How does the mysterian (usually an advocated of revealed theology) respond?  Generally they respond with the claims that humans can’t possibly understand or know God’s perfection because we’re just lowly humans and lack the cognitive capacity to understand these things (or the infinite).  In this way, the mysterian is able to preserve the truth of the stories they get from the authority of revealed theology (stories in sacred texts), by saying these things are beyond our comprehension.  The argument runs “Although God appears to act immorally in Job, it’s only an appearance produced as a result of our inability to comprehend divine perfection.”  Likewise, “Although the story of Adam and Eve appears nonsensical because there’s 1) no plausible reason why a divine being would need to experiment with whether beings such as us would eat the forbidden fruit, and 2) a being that did know how things would turn out but did such a thing anyway would be an immoral sadist, we just can’t understand God’s omniscience, rationality, or moral perfection.  He had his reasons and they were good.”  In this way, the advocate of mysterianism is able to defend the truth of these stories and stave off critique.

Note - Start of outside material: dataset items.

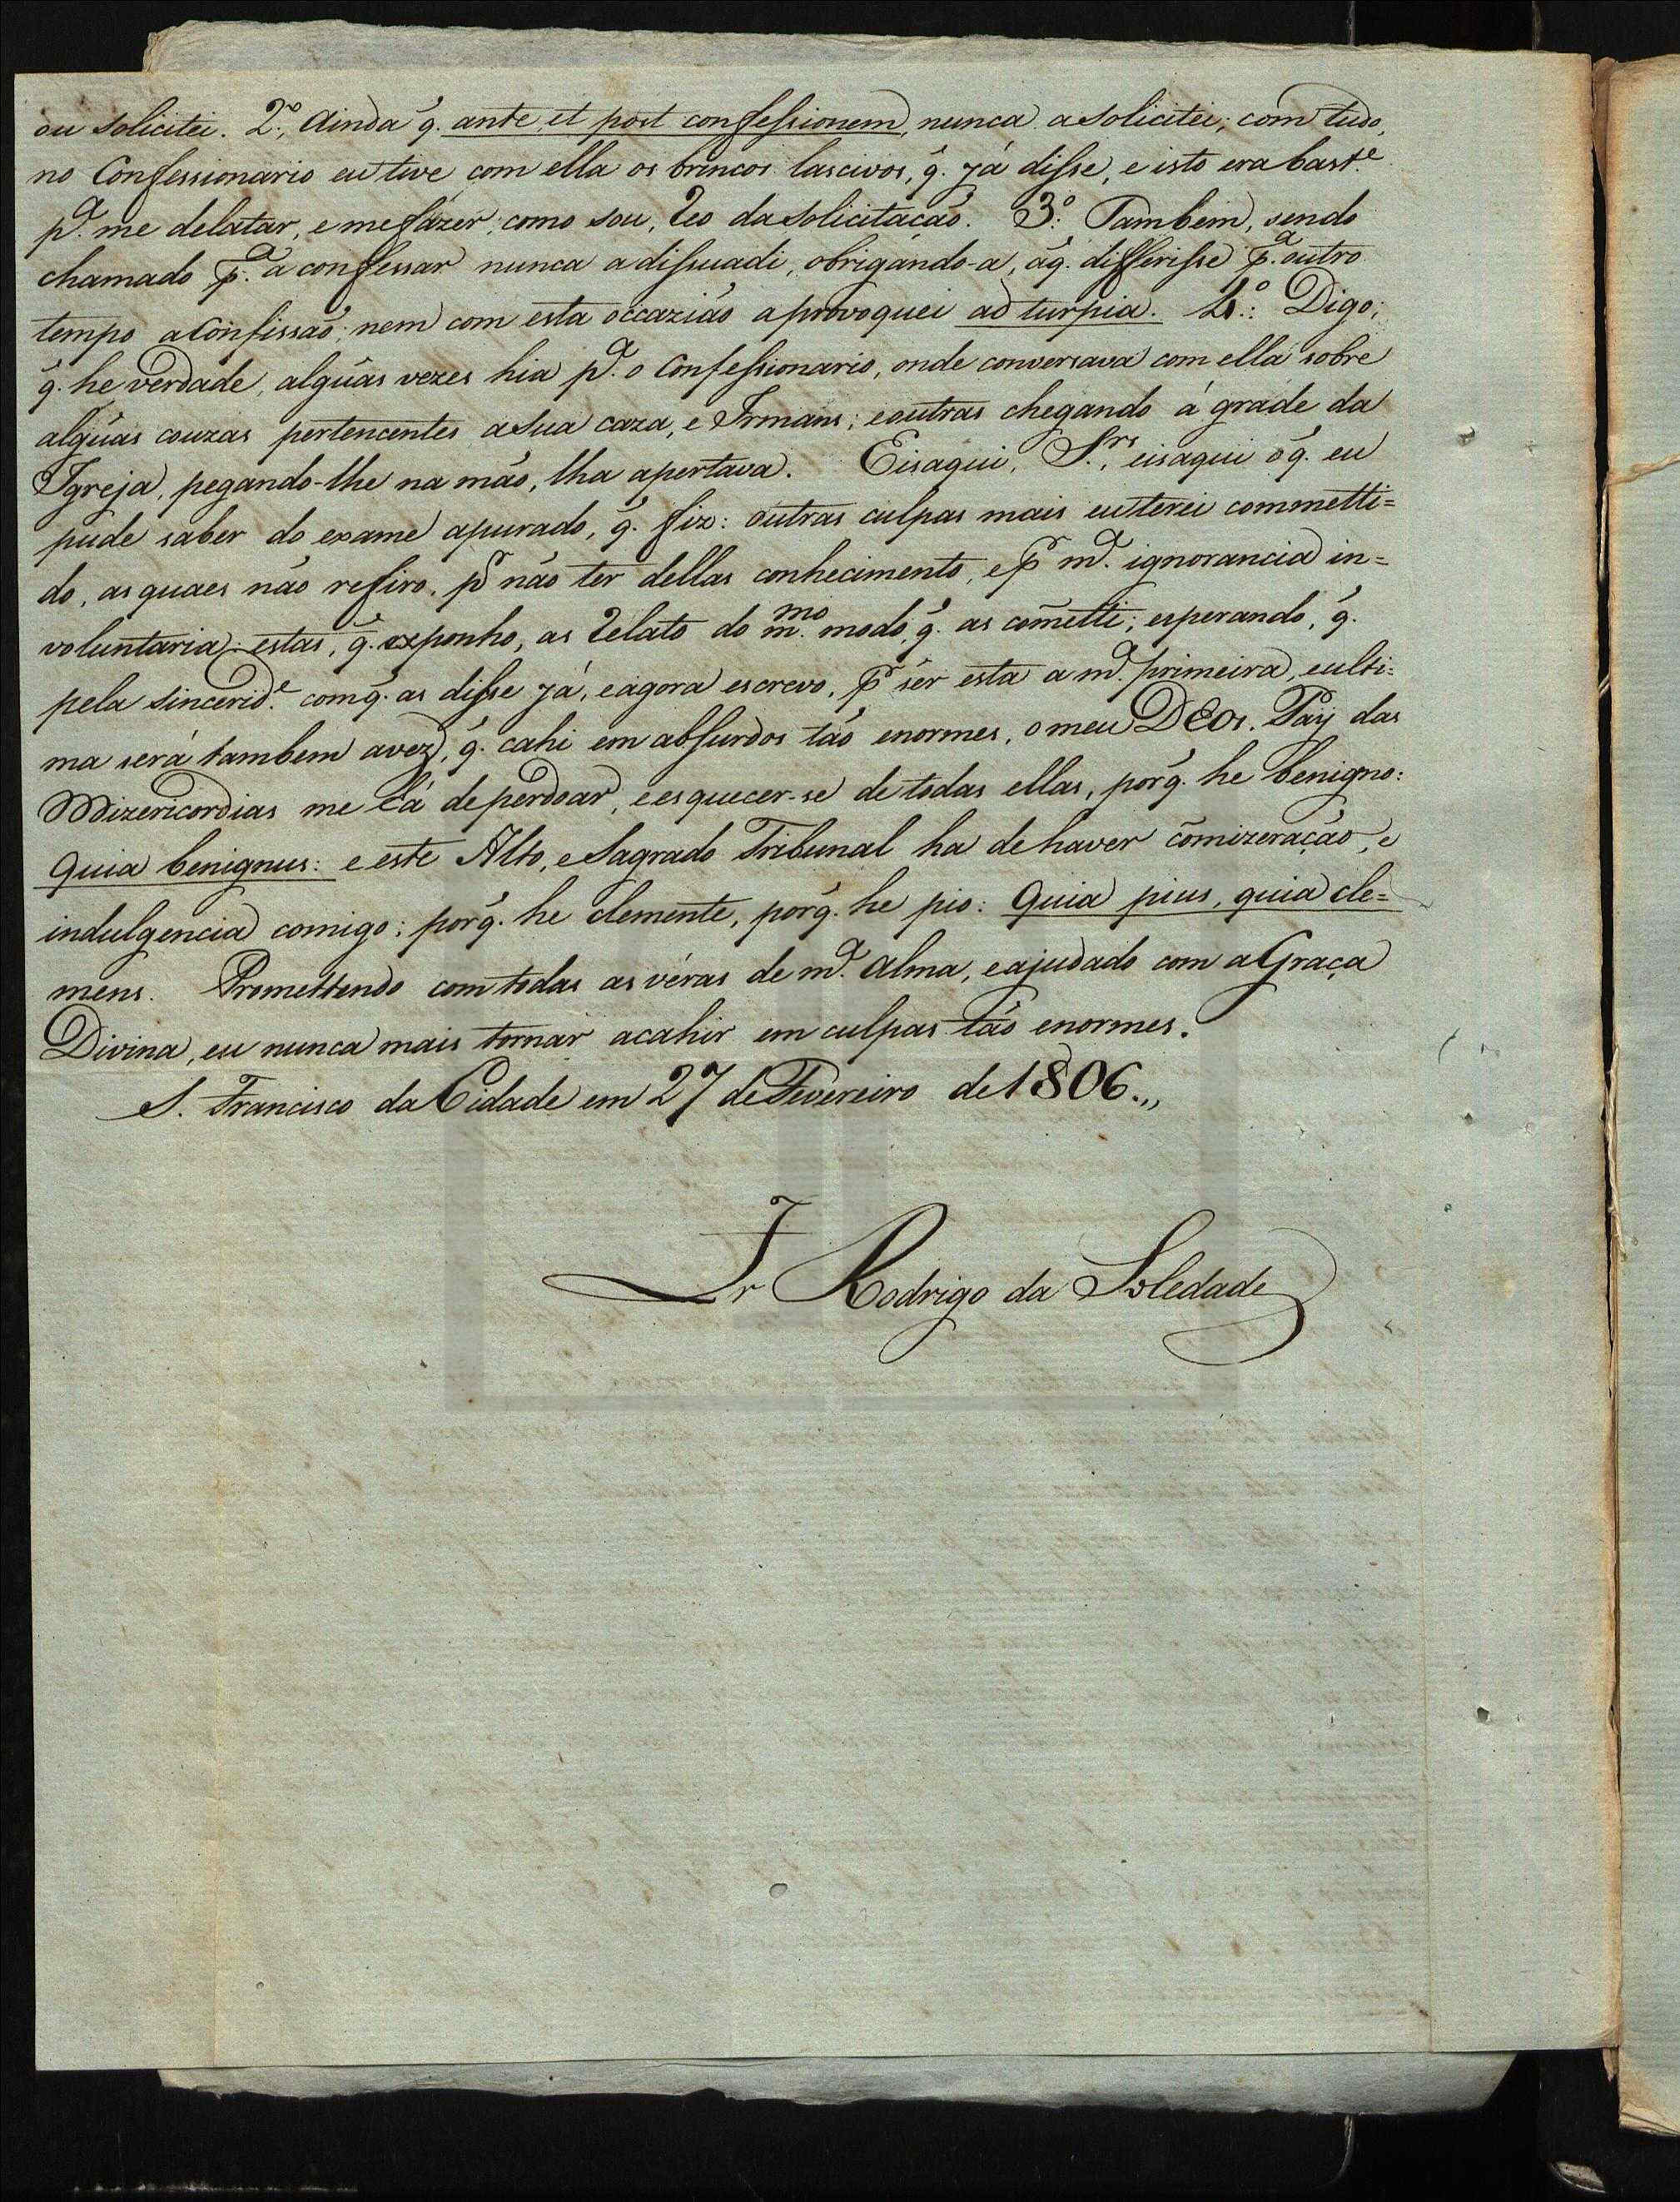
ou solicitei. 2.º, ainda q̄ ante, et post confessionem, nunca a solicitei; comtudo
no Confessionario eu tive com ella os brincos lascivos, q̄ já disse, e isto era bast.e
p.a me delatar, e me fazer como sou, Reo da solicitaçaõ. 3.º Tambem, sendo
chamado p.a a confessar nunca a dissuadi, obrigando-a, a q̄ differisse p.a outro
tempo a confissaõ, nem com esta occazião a provoquei ad turpia. 4.º: Digo;
q̄ he verdade, alguās vezes hia p.a o confessionario, onde conversava com ella sobre
algūas couzas pertencentes a sua caza, e Irmans; e outras chegando á grade da
Igreja, pegando-lhe na mão, lha apertava. Eis aqui S.rs, eis aqui o q̄ eu
pude saber do exame apurado, q̄ fiz: outras culpas mais eu terei commetti
do, as quaes não refiro, p.r naõ ter dellas conhecimento, e p.r m.a ignorancia in
voluntaria estas, q̄ exponho, as Relato do m.mo modo q̄ as com̄etti; esperando, q̄
pela sincerid.e com q̄ as disse já, e agora escrevo, p.r ser esta a m.a primeira, e ulti
ma será tambem a vez, q̄ cahi em absurdos taõ enormes, o meu Deos. Pay das
mizericordias me há de perdoar, e esquecer-se de todas ellas, porq̄ he benigno:
Quia benignus: e este Alto e Sagrado Tribunal ha de haver cōmizeração, e
indulgencia comigo: porq̄ he clemente, porq̄ he pio. Quia pius, quia cle
mens. Promettendo com todas as véras de m.a alma, e ajudado com a Graça
Divina, eu nunca mais tornar a cahir em culpas taõ enormes.
S. Francisco da Cidade em 27 de Fevereiro de 1806.
Fr Rodrigo da Soledade

Such a strategy is fine so far as it goes, but it is not without consequences.  If we submit the mysterian argument to weak transcendental analysis, we see that it assumes that God is unknowable.  This has serious implications for discussions of God in public discourse.  The mysterian began by wanting to save the stories they derive from revealed theology by saying that God’s nature is essentially unknowable.  Not a bad strategy.  However, what they fail to notice is that they’re burning down the house when they say this.  If God we claim that God is essentially unknowable, that he’s a complete mystery, then we’ve sacrificed the right to say anything of God.  We’ve sacrificed the right to say that God is good, that God’s creation is good, that God commands certain things, that there’s a reason for things, or that there’s any way that we can distinguish God from a tyrant (a being that arbitrarily acts merely based on taste and is able to establish his acts as sanctioned because of his mere superior power alone; like Q in Star Trek:  The Next Generation).  In other words, in a desire to preserve his stories as true, the mysterian abdicates any right to use God as a reason or premise in any argument about our moral duties, how the polis should be organized, why creation is good, etc.  Why?  Because the mysterian has said we can rationally know nothing because he is so far “beyond” (as Plato would have it) any rational comprehension.  If you wish to make that argument, fine.  However, in doing so, you’ve sacrificed any right to use appeals to God’s goodness and commands in your argumentation on any other issue.  Notice, in making this argument I’ve done so in a completely immanent fashion.  I haven’t appealed to any external or outside criteria, but have merely taken the mysterian at his own word and drawn out the consequences of those words.  Somehow I suspect that no one is really a mysterian and that people who argue this way also argue that some knowledge of God is possible when they appeal to God.